First I located a coaster axle nut (pushes on) that has same outside o.d. as original cap.
Next, I need to remove the "push-on" part... this is crimped in place. If aluminum, this is a cinch, but on nickel plated steel, not so much... 🤬
So, pry the crimping up with a small shirt pocket bladed screwdriver. You may need to grind down to fit under the crimping. Not easy, but with a lot of patience and some finagling, I got it lose and pulled it out.
Next, shape steel cover into shape of original nut. You will need end of 3/8" snap on ratchet wrench or similar or anything that is rounded and smooth. maybe a smaller size also for tip. Depending on strength of metal being shaped, you could possibly round off the end of a wooden broom/mop handle.
A plastic mallet works best, but you may also need a steel hammer as I did.
OK, with bottom flange and top of cap shaped how you like it, a screwdriver slot needs to be made. Cut out a slot on rounded broom handle end, place cap over this, then locate an extra large bladed screwdriver or similar shaped tool. Tap only enough to make a slot in cap surface (remember really just for looks as cap won't be threaded anyway!
Check base of homemade cup against original... you may need to enlarge or shrink as needed.
I had to shrink mine, so I cut off a 6" length of handlebar to tap cap into in order to shrink to correct diameter. Punch out of tube with tool/broom handle.
To enlarge, do more tapping over rounded ended tool again.
step framework straightened with needle nose pliers; Rethreading accomplished with old crank assy.

See my results:
before...




after...



Coaster wagon/buggy style "push nut"



insert that needed to come out... hardest part.

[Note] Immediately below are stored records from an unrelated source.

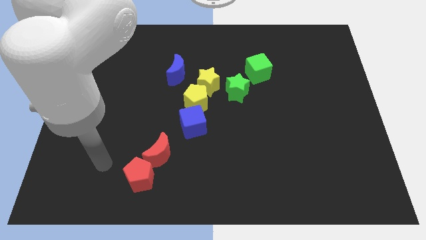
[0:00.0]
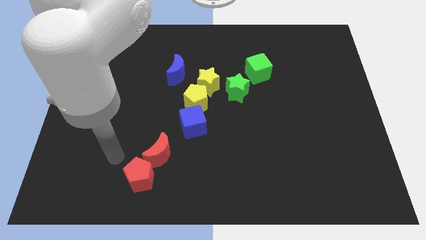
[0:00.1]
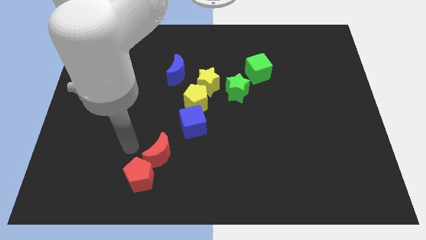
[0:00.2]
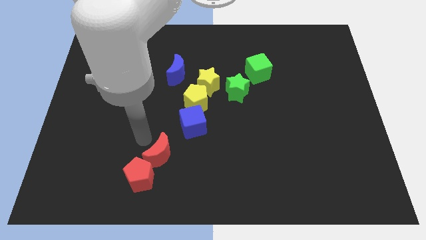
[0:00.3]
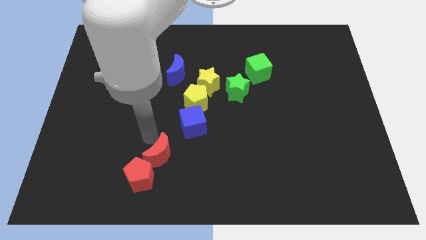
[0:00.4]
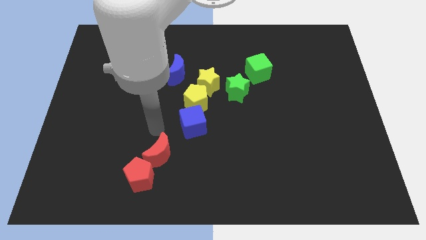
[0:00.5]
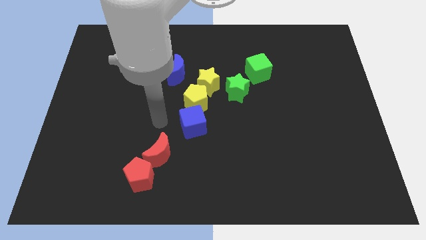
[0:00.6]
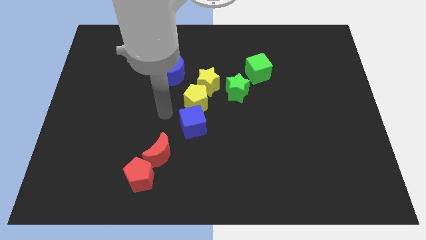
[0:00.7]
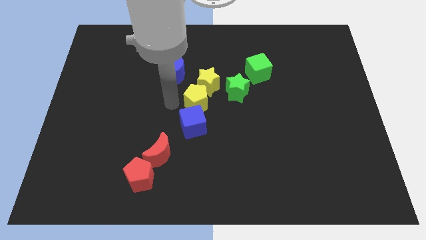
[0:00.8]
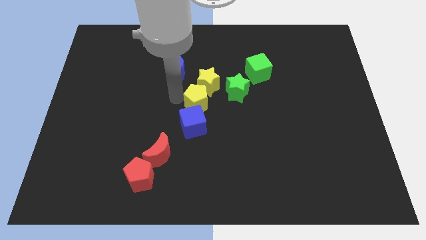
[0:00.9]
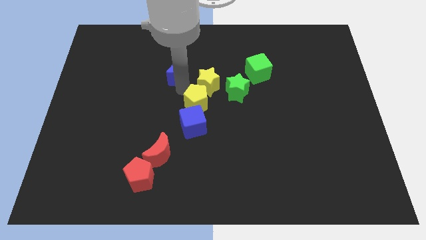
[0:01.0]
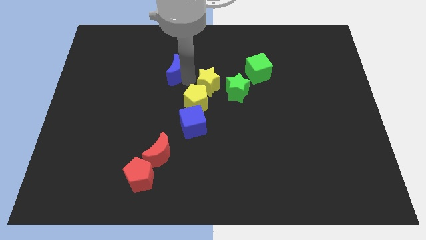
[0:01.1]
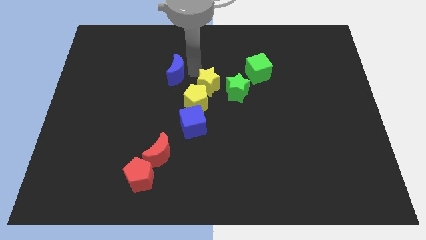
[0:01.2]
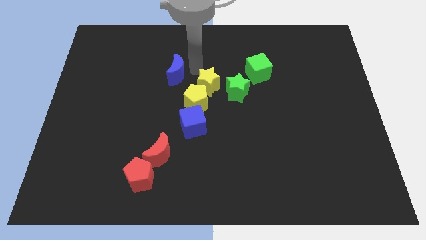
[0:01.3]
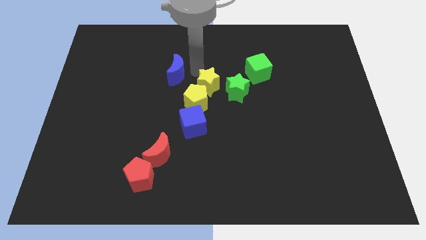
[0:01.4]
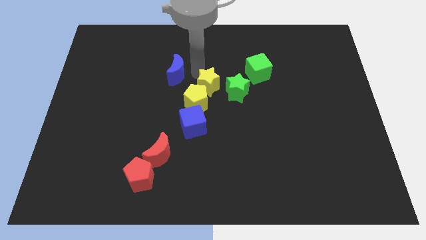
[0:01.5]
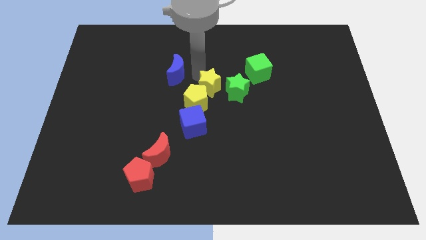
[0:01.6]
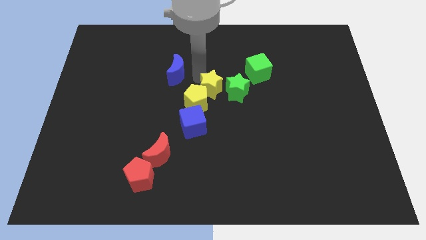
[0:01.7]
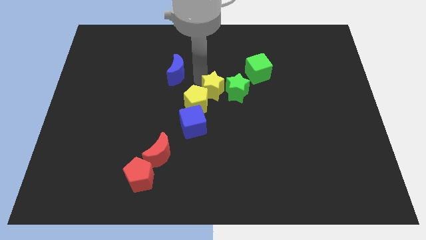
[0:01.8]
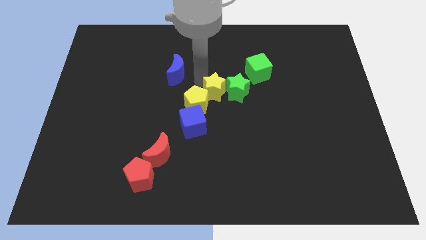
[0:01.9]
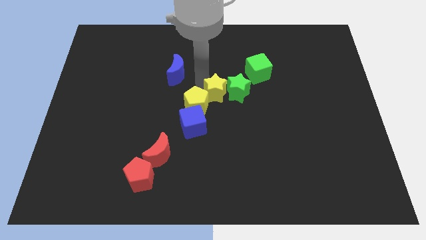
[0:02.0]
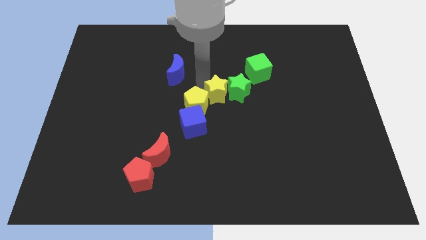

New cap just a bit shorter... not bad!


----------



## catfish (Dec 14, 2022)

Great job!


----------



## razinhellcustomz (Dec 17, 2022)

bricycle said:


> Task:
> Need to make a pedal cap (among other things)
> I need a screwdriver slotted end dust cap for one of a pair of TOC pedals... nearly impossible, so make one pal... OK I will!
> First I located a coaster axle nut (pushes on) that has same outside o.d. as original cap.
> ...



Nice work Brian... Looks FACTREE to me... RideOn...


----------